**REQUIREMENT**:
Each entry is to be given again precisely, and no picture may be carried over.

Start of Block

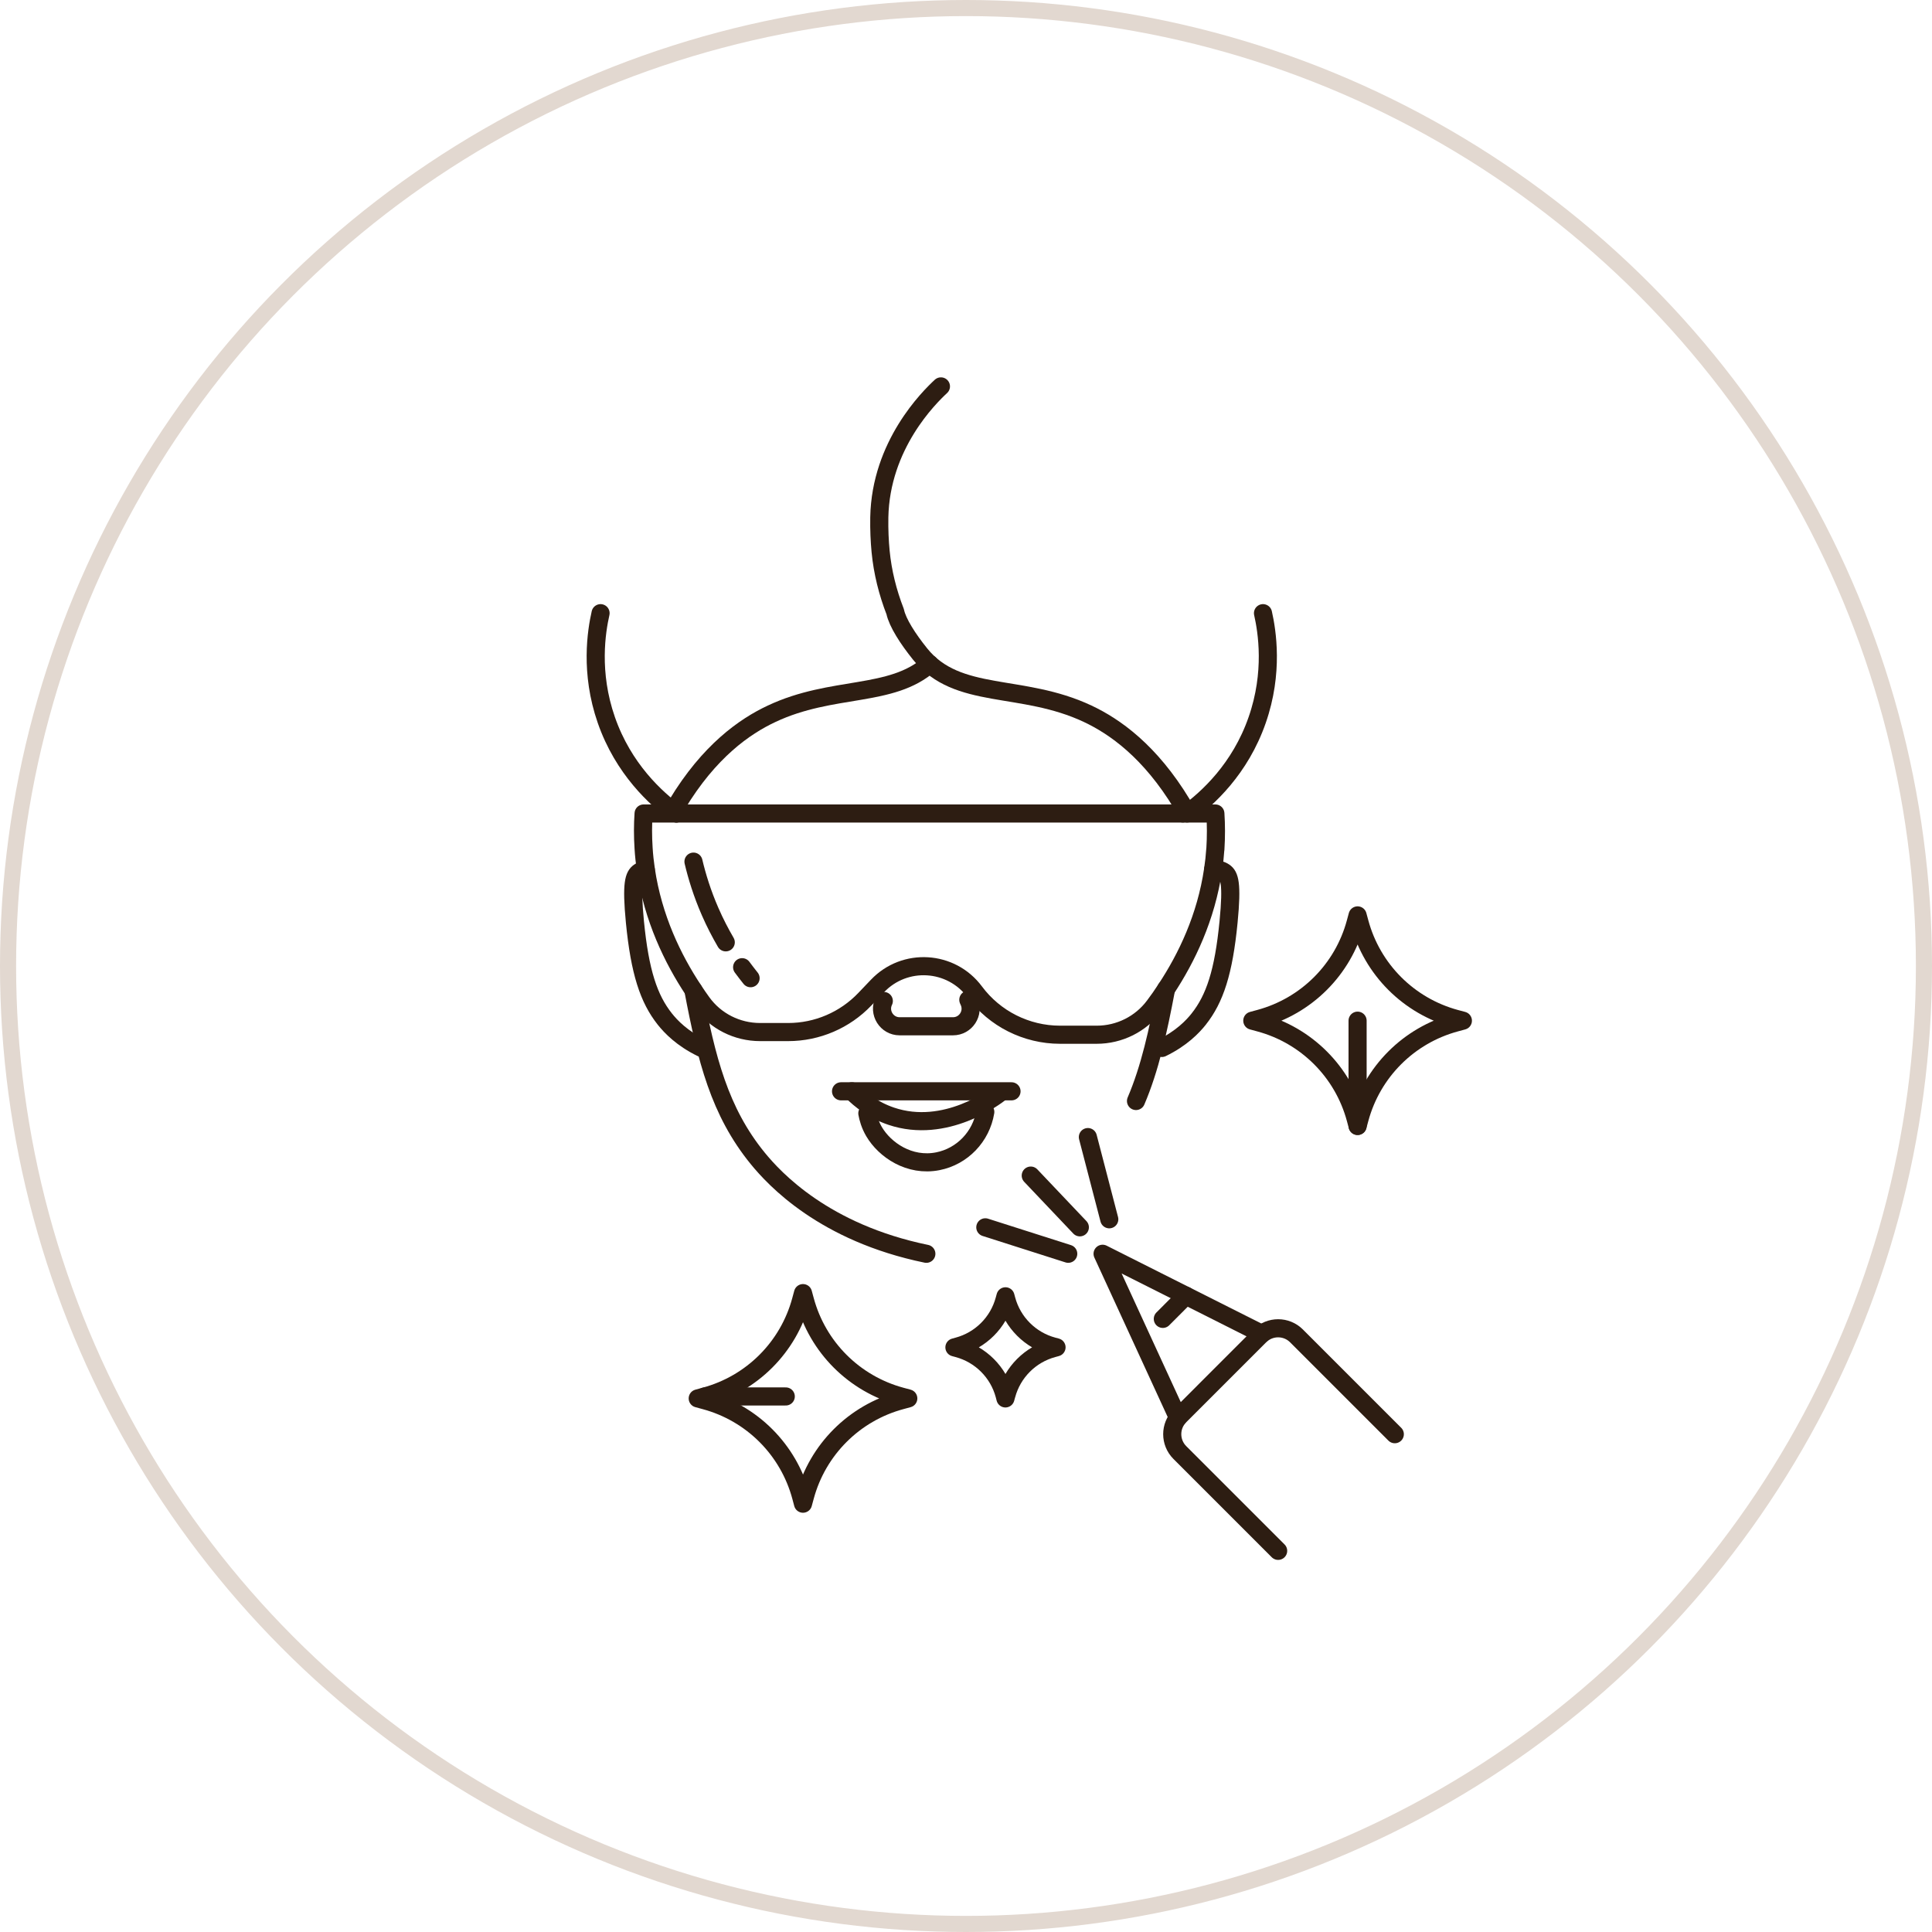 <svg width="120" height="120" viewBox="0 0 120 120" fill="none" xmlns="http://www.w3.org/2000/svg">
<circle cx="60" cy="60" r="59.5" stroke="#E2D8D0"/>
<path d="M54.895 62.173C54.542 62.898 55.072 63.744 55.877 63.744H59.193C59.98 63.744 60.51 62.937 60.196 62.215L60.144 62.098" stroke="#2D1D12" stroke-width="1.125" stroke-linecap="round" stroke-linejoin="round"/>
<path d="M42.011 50.526L42.058 49.957C44.053 46.654 46.247 45.121 47.92 44.337C51.701 42.553 55.362 43.363 57.741 41.244" stroke="#2D1D12" stroke-width="1.125" stroke-linecap="round" stroke-linejoin="round"/>
<path d="M43.066 61.495C43.879 65.78 44.687 69.034 47.068 71.953C48.102 73.218 51.182 76.566 57.537 77.875" stroke="#2D1D12" stroke-width="1.125" stroke-linecap="round" stroke-linejoin="round"/>
<path d="M53.872 69.151C53.924 69.437 54.033 69.852 54.29 70.289C54.955 71.418 56.482 72.478 58.253 72.127C59.764 71.829 60.944 70.603 61.198 69.063" stroke="#2D1D12" stroke-width="1.125" stroke-linecap="round" stroke-linejoin="round"/>
<path d="M52.239 67.783H62.827" stroke="#2D1D12" stroke-width="1.125" stroke-linecap="round" stroke-linejoin="round"/>
<path d="M52.911 67.783C53.428 68.305 54.233 68.951 55.355 69.33C58.726 70.468 61.819 68.11 62.151 67.85" stroke="#2D1D12" stroke-width="1.125" stroke-linecap="round" stroke-linejoin="round"/>
<path d="M70.559 68.385C71.426 66.354 71.922 64.09 72.428 61.428" stroke="#2D1D12" stroke-width="1.125" stroke-linecap="round" stroke-linejoin="round"/>
<path d="M58.443 24C57.711 24.68 54.701 27.636 54.615 32.134C54.602 32.918 54.636 33.617 54.696 34.248C54.82 35.536 55.135 36.793 55.602 37.995C55.672 38.33 55.87 38.756 56.145 39.211C56.42 39.668 56.776 40.158 57.152 40.626C59.479 43.522 63.453 42.4 67.561 44.334C69.231 45.121 71.428 46.654 73.423 49.957L73.469 50.526" stroke="#2D1D12" stroke-width="1.125" stroke-linecap="round" stroke-linejoin="round"/>
<path d="M37.302 38.086C37.05 39.198 36.63 41.763 37.661 44.724C38.718 47.76 40.748 49.606 42.013 50.526" stroke="#2D1D12" stroke-width="1.125" stroke-linecap="round" stroke-linejoin="round"/>
<path d="M40.111 54.016C39.966 54.034 39.828 54.078 39.706 54.167C39.389 54.387 39.2 54.837 39.436 57.262C39.742 60.379 40.293 62.035 41.295 63.298C41.672 63.773 42.373 64.503 43.581 65.09" stroke="#2D1D12" stroke-width="1.125" stroke-linecap="round" stroke-linejoin="round"/>
<path d="M78.447 38.086C78.698 39.198 79.119 41.763 78.085 44.724C77.031 47.76 75 49.606 73.73 50.526" stroke="#2D1D12" stroke-width="1.125" stroke-linecap="round" stroke-linejoin="round"/>
<path d="M75.347 54.013C75.593 53.987 75.838 54.026 76.04 54.167C76.357 54.387 76.546 54.837 76.308 57.262C76.004 60.379 75.453 62.035 74.453 63.298C74.077 63.773 73.376 64.503 72.165 65.09" stroke="#2D1D12" stroke-width="1.125" stroke-linecap="round" stroke-linejoin="round"/>
<path d="M75.486 52.741C75.457 53.175 75.411 53.598 75.348 54.013C74.912 56.987 73.71 59.488 72.429 61.43C72.188 61.802 71.944 62.15 71.697 62.477C70.856 63.607 69.528 64.269 68.121 64.269H65.836C64.794 64.269 63.781 64.019 62.875 63.565C61.969 63.111 61.164 62.443 60.543 61.609C59.081 59.641 56.198 59.462 54.505 61.238L53.721 62.059C52.477 63.365 50.755 64.103 48.953 64.103H47.21C45.782 64.103 44.434 63.425 43.6 62.267C43.424 62.023 43.244 61.765 43.07 61.498C41.782 59.555 40.562 57.031 40.115 54.019C40.053 53.585 40.001 53.143 39.975 52.691C39.925 51.938 39.928 51.216 39.975 50.528H75.489C75.535 51.232 75.538 51.972 75.489 52.746L75.486 52.741Z" stroke="#2D1D12" stroke-width="1.125" stroke-linecap="round" stroke-linejoin="round"/>
<path d="M46.095 60.075C46.275 60.319 46.451 60.547 46.62 60.758" stroke="#2D1D12" stroke-width="1.125" stroke-linecap="round" stroke-linejoin="round"/>
<path d="M43.073 53.517C43.289 54.429 43.611 55.486 44.107 56.621C44.41 57.319 44.743 57.953 45.078 58.53" stroke="#2D1D12" stroke-width="1.125" stroke-linecap="round" stroke-linejoin="round"/>
<path d="M79.388 96.326L73.283 90.221C72.652 89.59 72.652 88.569 73.283 87.938L78.246 82.975C78.877 82.344 79.897 82.344 80.528 82.975L86.634 89.081" stroke="#2D1D12" stroke-width="1.125" stroke-linecap="round" stroke-linejoin="round"/>
<path d="M78.373 82.85L68.484 77.874L73.166 88.057" stroke="#2D1D12" stroke-width="1.125" stroke-linecap="round" stroke-linejoin="round"/>
<path d="M73.663 80.479L72.225 81.918" stroke="#2D1D12" stroke-width="1.125" stroke-linecap="round" stroke-linejoin="round"/>
<path d="M67.071 76.231L64.022 73.018" stroke="#2D1D12" stroke-width="1.125" stroke-linecap="round" stroke-linejoin="round"/>
<path d="M66.35 77.874L61.2 76.231" stroke="#2D1D12" stroke-width="1.125" stroke-linecap="round" stroke-linejoin="round"/>
<path d="M68.899 75.732L67.57 70.626" stroke="#2D1D12" stroke-width="1.125" stroke-linecap="round" stroke-linejoin="round"/>
<path d="M84.445 69.486L84.323 69.936L84.203 69.489C83.419 66.575 81.147 64.303 78.233 63.518L77.783 63.396L78.233 63.274C81.144 62.49 83.419 60.218 84.201 57.306L84.323 56.857L84.445 57.306C85.229 60.218 87.501 62.49 90.415 63.277L90.862 63.396L90.412 63.518C87.501 64.303 85.229 66.575 84.445 69.486Z" stroke="#2D1D12" stroke-width="1.125" stroke-linecap="round" stroke-linejoin="round"/>
<path d="M49.998 92.947L49.876 93.397L49.757 92.95C48.972 90.036 46.7 87.764 43.786 86.98L43.337 86.858L43.786 86.735C46.697 85.951 48.972 83.679 49.754 80.767L49.876 80.318L49.998 80.767C50.782 83.679 53.055 85.951 55.968 86.738L56.415 86.858L55.966 86.98C53.055 87.764 50.782 90.036 49.998 92.947Z" stroke="#2D1D12" stroke-width="1.125" stroke-linecap="round" stroke-linejoin="round"/>
<path d="M62.509 86.639L62.449 86.858L62.392 86.639C62.013 85.227 60.909 84.126 59.499 83.746L59.281 83.687L59.499 83.627C60.909 83.248 62.013 82.147 62.392 80.734L62.452 80.516L62.511 80.734C62.891 82.144 63.994 83.248 65.405 83.627L65.623 83.684L65.405 83.744C63.994 84.123 62.891 85.227 62.511 86.637L62.509 86.639Z" stroke="#2D1D12" stroke-width="1.125" stroke-linecap="round" stroke-linejoin="round"/>
<path d="M84.322 69.933V63.396" stroke="#2D1D12" stroke-width="1.125" stroke-linecap="round" stroke-linejoin="round"/>
<path d="M43.785 86.736H48.805" stroke="#2D1D12" stroke-width="1.125" stroke-linecap="round" stroke-linejoin="round"/>
</svg>

End of Block

**OUTPUT OF THE TASK**:
 <svg width="120" height="120" viewBox="0 0 120 120" fill="none" xmlns="http://www.w3.org/2000/svg">
<circle cx="60" cy="60" r="59.5" stroke="#E2D8D0"/>
<path d="M54.895 62.173C54.542 62.898 55.072 63.744 55.877 63.744H59.193C59.98 63.744 60.51 62.937 60.196 62.215L60.144 62.098" stroke="#2D1D12" stroke-width="1.125" stroke-linecap="round" stroke-linejoin="round"/>
<path d="M42.011 50.526L42.058 49.957C44.053 46.654 46.247 45.121 47.92 44.337C51.701 42.553 55.362 43.363 57.741 41.244" stroke="#2D1D12" stroke-width="1.125" stroke-linecap="round" stroke-linejoin="round"/>
<path d="M43.066 61.495C43.879 65.78 44.687 69.034 47.068 71.953C48.102 73.218 51.182 76.566 57.537 77.875" stroke="#2D1D12" stroke-width="1.125" stroke-linecap="round" stroke-linejoin="round"/>
<path d="M53.872 69.151C53.924 69.437 54.033 69.852 54.29 70.289C54.955 71.418 56.482 72.478 58.253 72.127C59.764 71.829 60.944 70.603 61.198 69.063" stroke="#2D1D12" stroke-width="1.125" stroke-linecap="round" stroke-linejoin="round"/>
<path d="M52.239 67.783H62.827" stroke="#2D1D12" stroke-width="1.125" stroke-linecap="round" stroke-linejoin="round"/>
<path d="M52.911 67.783C53.428 68.305 54.233 68.951 55.355 69.33C58.726 70.468 61.819 68.11 62.151 67.85" stroke="#2D1D12" stroke-width="1.125" stroke-linecap="round" stroke-linejoin="round"/>
<path d="M70.559 68.385C71.426 66.354 71.922 64.09 72.428 61.428" stroke="#2D1D12" stroke-width="1.125" stroke-linecap="round" stroke-linejoin="round"/>
<path d="M58.443 24C57.711 24.68 54.701 27.636 54.615 32.134C54.602 32.918 54.636 33.617 54.696 34.248C54.82 35.536 55.135 36.793 55.602 37.995C55.672 38.33 55.87 38.756 56.145 39.211C56.42 39.668 56.776 40.158 57.152 40.626C59.479 43.522 63.453 42.4 67.561 44.334C69.231 45.121 71.428 46.654 73.423 49.957L73.469 50.526" stroke="#2D1D12" stroke-width="1.125" stroke-linecap="round" stroke-linejoin="round"/>
<path d="M37.302 38.086C37.05 39.198 36.63 41.763 37.661 44.724C38.718 47.76 40.748 49.606 42.013 50.526" stroke="#2D1D12" stroke-width="1.125" stroke-linecap="round" stroke-linejoin="round"/>
<path d="M40.111 54.016C39.966 54.034 39.828 54.078 39.706 54.167C39.389 54.387 39.2 54.837 39.436 57.262C39.742 60.379 40.293 62.035 41.295 63.298C41.672 63.773 42.373 64.503 43.581 65.09" stroke="#2D1D12" stroke-width="1.125" stroke-linecap="round" stroke-linejoin="round"/>
<path d="M78.447 38.086C78.698 39.198 79.119 41.763 78.085 44.724C77.031 47.76 75 49.606 73.73 50.526" stroke="#2D1D12" stroke-width="1.125" stroke-linecap="round" stroke-linejoin="round"/>
<path d="M75.347 54.013C75.593 53.987 75.838 54.026 76.04 54.167C76.357 54.387 76.546 54.837 76.308 57.262C76.004 60.379 75.453 62.035 74.453 63.298C74.077 63.773 73.376 64.503 72.165 65.09" stroke="#2D1D12" stroke-width="1.125" stroke-linecap="round" stroke-linejoin="round"/>
<path d="M75.486 52.741C75.457 53.175 75.411 53.598 75.348 54.013C74.912 56.987 73.71 59.488 72.429 61.43C72.188 61.802 71.944 62.15 71.697 62.477C70.856 63.607 69.528 64.269 68.121 64.269H65.836C64.794 64.269 63.781 64.019 62.875 63.565C61.969 63.111 61.164 62.443 60.543 61.609C59.081 59.641 56.198 59.462 54.505 61.238L53.721 62.059C52.477 63.365 50.755 64.103 48.953 64.103H47.21C45.782 64.103 44.434 63.425 43.6 62.267C43.424 62.023 43.244 61.765 43.07 61.498C41.782 59.555 40.562 57.031 40.115 54.019C40.053 53.585 40.001 53.143 39.975 52.691C39.925 51.938 39.928 51.216 39.975 50.528H75.489C75.535 51.232 75.538 51.972 75.489 52.746L75.486 52.741Z" stroke="#2D1D12" stroke-width="1.125" stroke-linecap="round" stroke-linejoin="round"/>
<path d="M46.095 60.075C46.275 60.319 46.451 60.547 46.62 60.758" stroke="#2D1D12" stroke-width="1.125" stroke-linecap="round" stroke-linejoin="round"/>
<path d="M43.073 53.517C43.289 54.429 43.611 55.486 44.107 56.621C44.41 57.319 44.743 57.953 45.078 58.53" stroke="#2D1D12" stroke-width="1.125" stroke-linecap="round" stroke-linejoin="round"/>
<path d="M79.388 96.326L73.283 90.221C72.652 89.59 72.652 88.569 73.283 87.938L78.246 82.975C78.877 82.344 79.897 82.344 80.528 82.975L86.634 89.081" stroke="#2D1D12" stroke-width="1.125" stroke-linecap="round" stroke-linejoin="round"/>
<path d="M78.373 82.85L68.484 77.874L73.166 88.057" stroke="#2D1D12" stroke-width="1.125" stroke-linecap="round" stroke-linejoin="round"/>
<path d="M73.663 80.479L72.225 81.918" stroke="#2D1D12" stroke-width="1.125" stroke-linecap="round" stroke-linejoin="round"/>
<path d="M67.071 76.231L64.022 73.018" stroke="#2D1D12" stroke-width="1.125" stroke-linecap="round" stroke-linejoin="round"/>
<path d="M66.35 77.874L61.2 76.231" stroke="#2D1D12" stroke-width="1.125" stroke-linecap="round" stroke-linejoin="round"/>
<path d="M68.899 75.732L67.57 70.626" stroke="#2D1D12" stroke-width="1.125" stroke-linecap="round" stroke-linejoin="round"/>
<path d="M84.445 69.486L84.323 69.936L84.203 69.489C83.419 66.575 81.147 64.303 78.233 63.518L77.783 63.396L78.233 63.274C81.144 62.49 83.419 60.218 84.201 57.306L84.323 56.857L84.445 57.306C85.229 60.218 87.501 62.49 90.415 63.277L90.862 63.396L90.412 63.518C87.501 64.303 85.229 66.575 84.445 69.486Z" stroke="#2D1D12" stroke-width="1.125" stroke-linecap="round" stroke-linejoin="round"/>
<path d="M49.998 92.947L49.876 93.397L49.757 92.95C48.972 90.036 46.7 87.764 43.786 86.98L43.337 86.858L43.786 86.735C46.697 85.951 48.972 83.679 49.754 80.767L49.876 80.318L49.998 80.767C50.782 83.679 53.055 85.951 55.968 86.738L56.415 86.858L55.966 86.98C53.055 87.764 50.782 90.036 49.998 92.947Z" stroke="#2D1D12" stroke-width="1.125" stroke-linecap="round" stroke-linejoin="round"/>
<path d="M62.509 86.639L62.449 86.858L62.392 86.639C62.013 85.227 60.909 84.126 59.499 83.746L59.281 83.687L59.499 83.627C60.909 83.248 62.013 82.147 62.392 80.734L62.452 80.516L62.511 80.734C62.891 82.144 63.994 83.248 65.405 83.627L65.623 83.684L65.405 83.744C63.994 84.123 62.891 85.227 62.511 86.637L62.509 86.639Z" stroke="#2D1D12" stroke-width="1.125" stroke-linecap="round" stroke-linejoin="round"/>
<path d="M84.322 69.933V63.396" stroke="#2D1D12" stroke-width="1.125" stroke-linecap="round" stroke-linejoin="round"/>
<path d="M43.785 86.736H48.805" stroke="#2D1D12" stroke-width="1.125" stroke-linecap="round" stroke-linejoin="round"/>
</svg>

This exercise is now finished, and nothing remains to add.